Sealy is interested in the relationship between art, photography and social change, identity politics, race, and human rights. He has written for many of the world’s leading photographic journals, produced numerous artist publications, curated exhibitions, and commissioned photographers and filmmakers worldwide. In addition, he is an advisor (management + committees) to several leading cultural institutions, including Tate, Paul Mellon Centre for the Studies in British Art, and the Baltic Centre for Contemporary Art.
Sealy’s critical writings on photography have been published by Lawrence and Wishart. Photography: Race, Rights and Representation, published 2022 and Decolonising the Camera: Photography in Racial Time, published 2019.
Image credit: Steve Pyke
Hannah Geddes is a curator, researcher and writer based in London.
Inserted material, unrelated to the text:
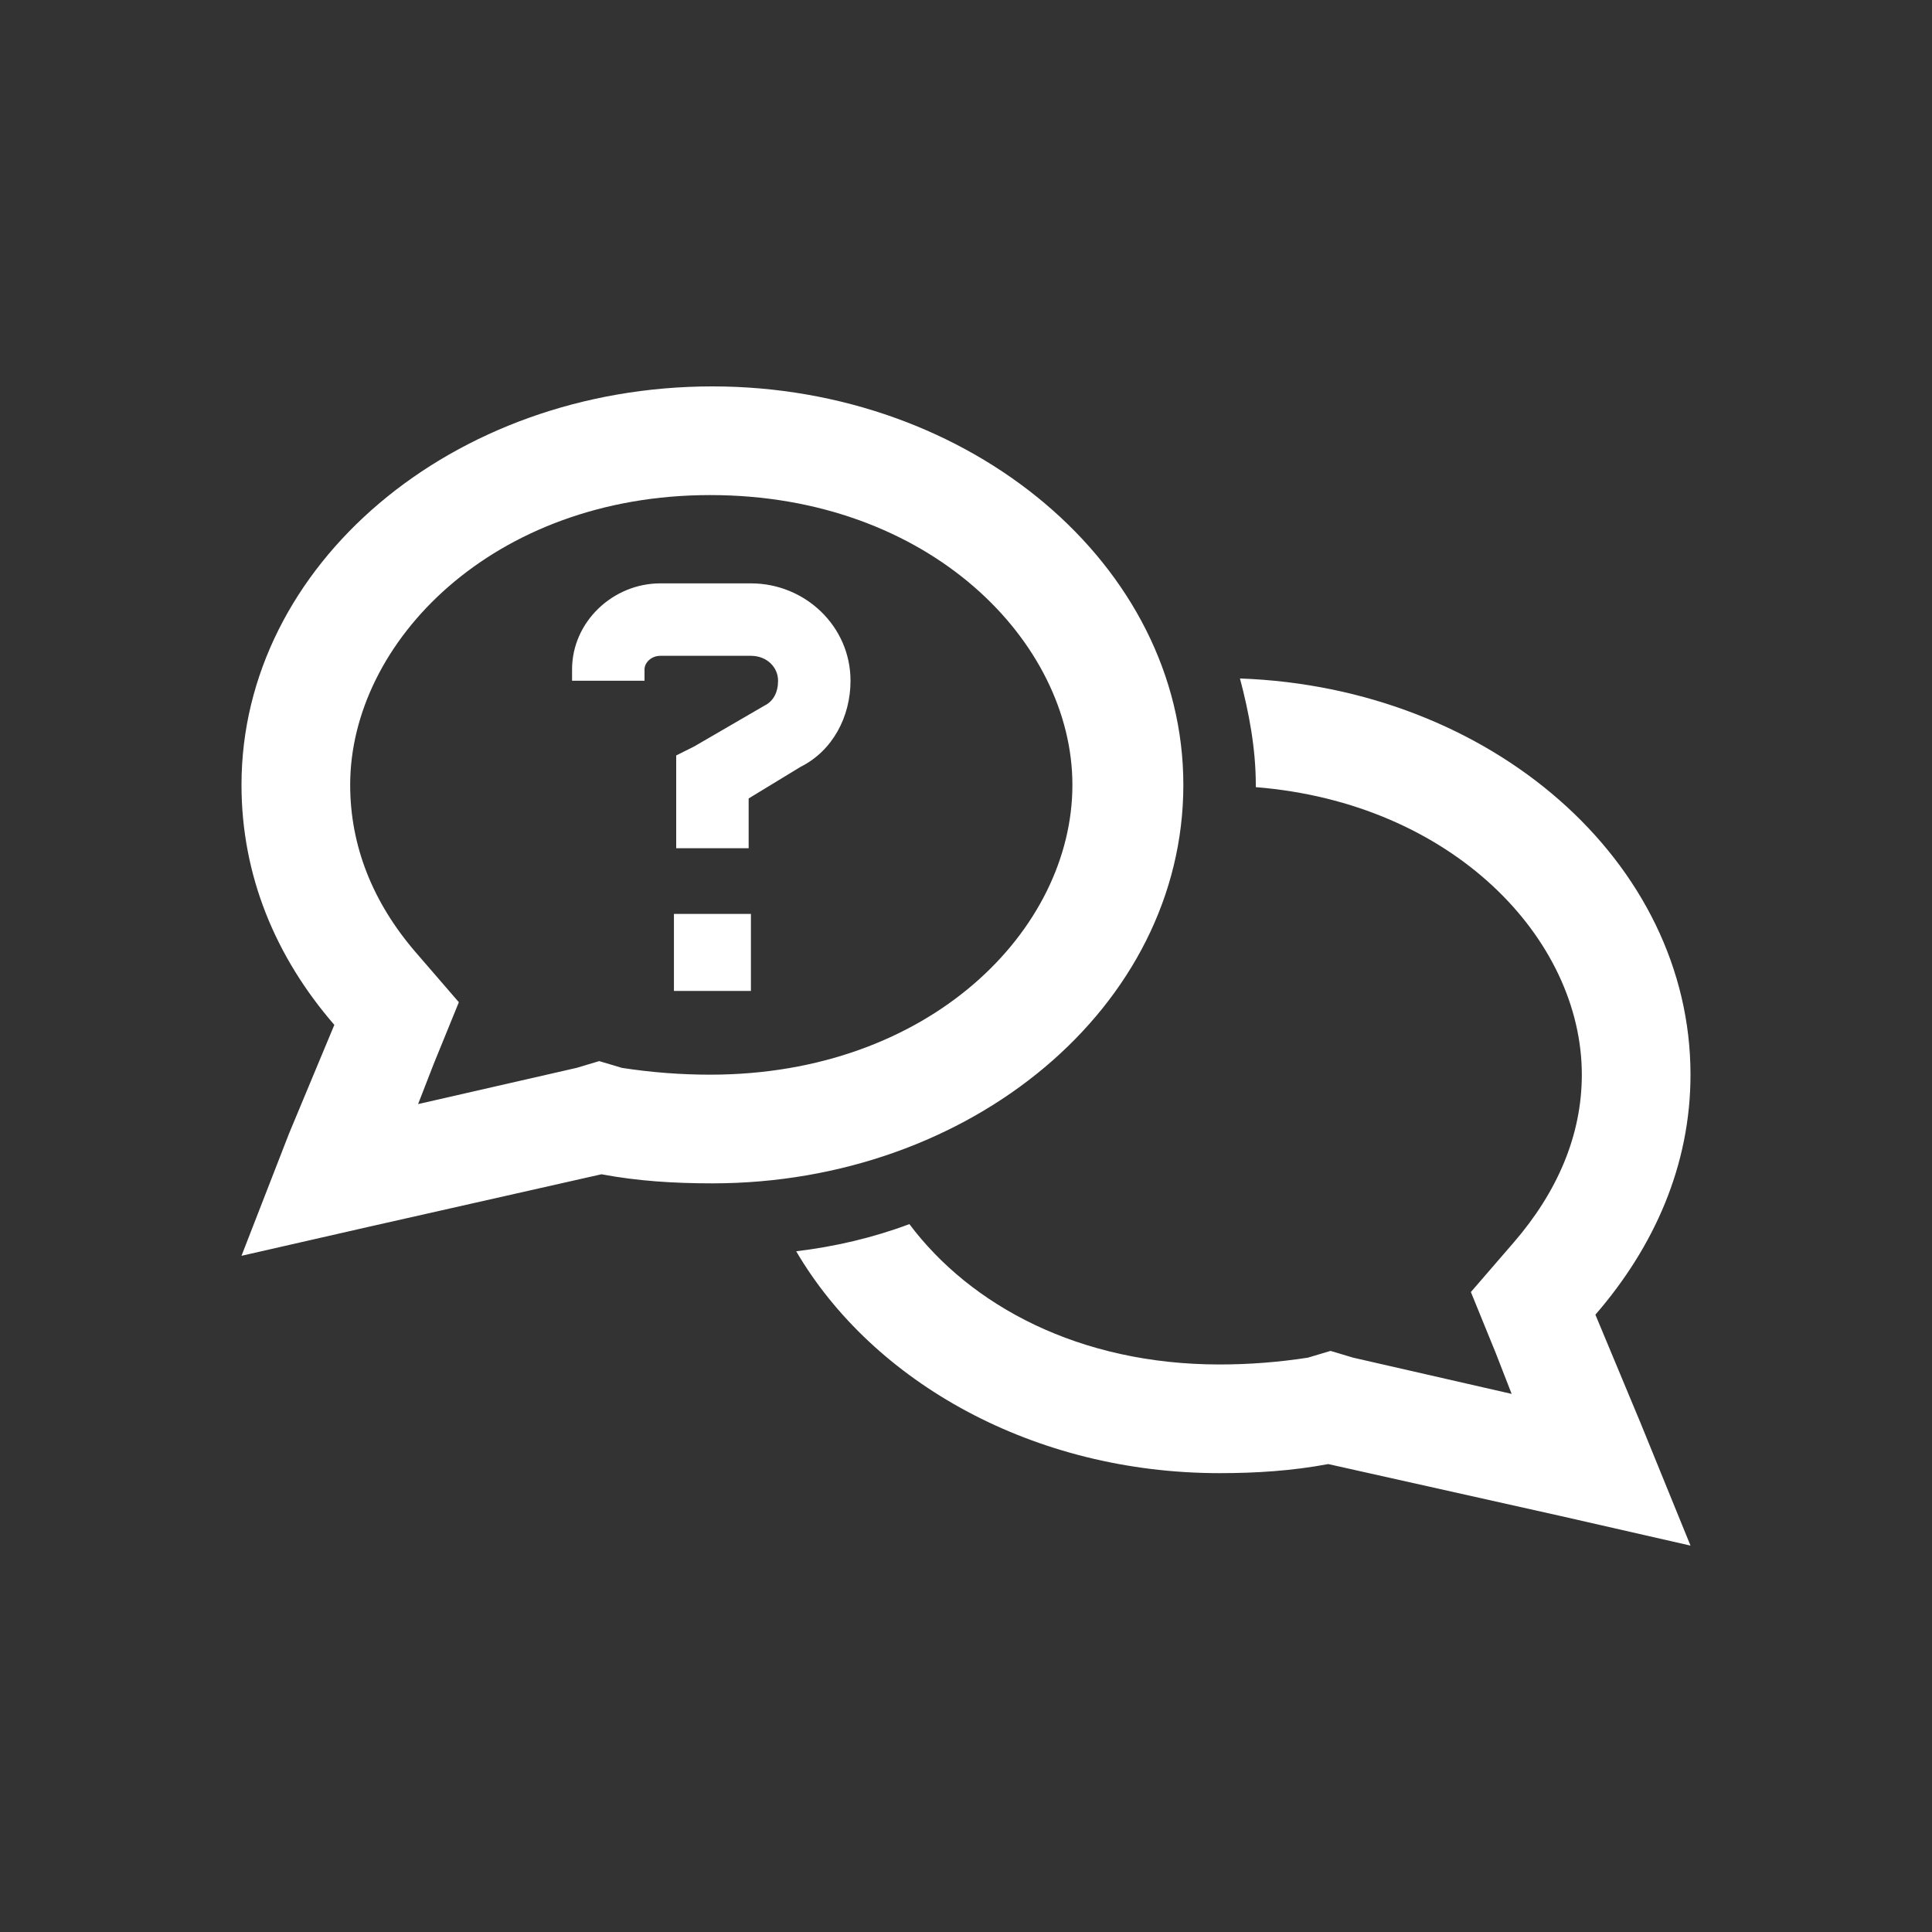<svg width="40" height="40" viewBox="0 0 40 40" fill="none" xmlns="http://www.w3.org/2000/svg">
<rect x="0" y="0" width="40" height="40" fill="#333333" stroke="none"/>
<path d="M9.5 20.75L8.984 22.016L8.656 22.859L11.938 22.109L12.406 21.969L12.875 22.109C13.484 22.203 14.094 22.25 14.703 22.25C19.25 22.25 22.203 19.25 22.203 16.25C22.203 13.297 19.25 10.25 14.703 10.25C10.203 10.25 7.25 13.297 7.25 16.25C7.25 17.516 7.719 18.688 8.609 19.719L9.5 20.75ZM7.672 25.391L5 26L5.984 23.469L6.922 21.219C5.703 19.812 5 18.125 5 16.25C5 11.703 9.359 8 14.75 8C20.094 8 24.5 11.703 24.5 16.25C24.5 20.844 20.094 24.5 14.75 24.5C13.953 24.5 13.203 24.453 12.453 24.312L7.672 25.391ZM16.484 25.906C17.281 25.812 18.078 25.625 18.828 25.344C20.094 27.031 22.344 28.25 25.25 28.25C25.859 28.25 26.469 28.203 27.078 28.109L27.547 27.969L28.016 28.109L31.297 28.859L30.969 28.016L30.453 26.75L31.344 25.719C32.234 24.688 32.75 23.516 32.75 22.25C32.75 19.438 30.078 16.625 26 16.297V16.25C26 15.5 25.859 14.75 25.672 14.047C30.875 14.234 35 17.844 35 22.25C35 24.125 34.25 25.812 33.031 27.219L33.969 29.469L35 32L32.328 31.391L27.5 30.312C26.75 30.453 26 30.5 25.25 30.5C21.406 30.5 18.078 28.625 16.484 25.906ZM11.844 13.859C11.844 12.875 12.688 12.078 13.672 12.078H15.547C16.672 12.078 17.609 12.969 17.609 14.094C17.609 14.844 17.234 15.547 16.578 15.875L15.5 16.531V16.812V17.562H14V16.812V16.109V15.641L14.375 15.453L15.828 14.609C16.016 14.516 16.109 14.328 16.109 14.094C16.109 13.812 15.875 13.578 15.547 13.578H13.672C13.484 13.578 13.344 13.719 13.344 13.859V14.094H11.844V13.859ZM13.953 18.922H15.547V20.516H13.953V18.922Z" fill="white" style="fill:white;fill-opacity:1;"/>
</svg>

Specialising in contemporary photography, she is currently a doctoral researcher at UAL, and Curator at Tate and Splash and Grab photography magazine.
Her thesis ‘Curating the self: photographic self-portraiture as visual activism’ is looking at artists making work on the self as a form of visual activism and will also explore how curatorial practice can better support long-term engagement and participation with social justice practice.
Hannah has written for a number of publications including Splash and Grab, Ardesia Projects and Twin Magazine. She has worked on a number of exhibitions and displays at Tate including ‘Ima-Abasi Okon’, ‘Zanele Muholi’, ‘Performing Genders, Performing Selves’ and ‘Liz Johnson Artur’. She curates the online platform for Splash and Grab and has curated a number of exhibitions including ‘Construction’, featuring the work of Suzie Howell and Marguerite Bornhauser.